Task to complete:
Take the line with "Q: How is the paragraph aligned? A: Centered." and every line after it, through the end of the listing, and give them again exactly, pictures excluded.

Stored data:
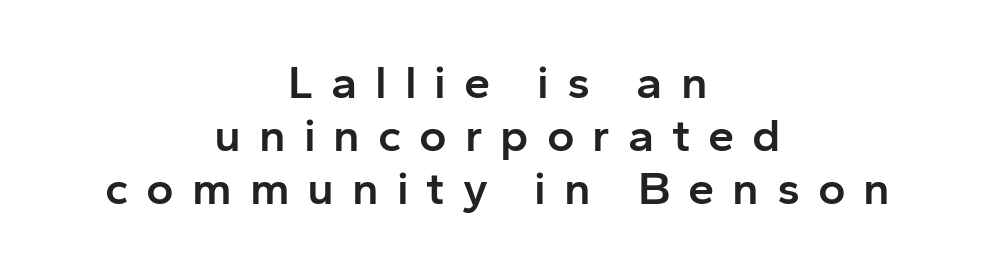
Q: Is the text bold? A: Semi-bold.
Q: Is the text italic (slanted)? A: No, it is upright.
Q: Is the typeface a serif or a sans-serif typeface? A: Sans-serif.
Q: Is the text underlined? A: No.
Q: How is the paragraph aligned? A: Centered.
Q: Is the spacing between letters normal or unusually wide? A: Unusually wide.
Q: Is the spacing between lines tight, normal or loose? A: Tight.
Q: Width (condensed, normal, or wide)? A: Normal.
Q: Stroke contrast? A: Low.
Q: x-height? A: Medium.
Q: Monospaced? A: No.
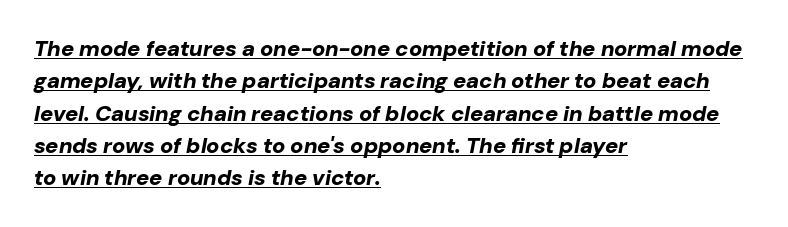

Completed task:
Q: How is the paragraph aligned? A: Centered.
Q: Is the spacing between letters normal or unusually wide? A: Unusually wide.
Q: Is the spacing between lines tight, normal or loose? A: Tight.
Q: Width (condensed, normal, or wide)? A: Normal.
Q: Stroke contrast? A: Low.
Q: x-height? A: Medium.
Q: Monospaced? A: No.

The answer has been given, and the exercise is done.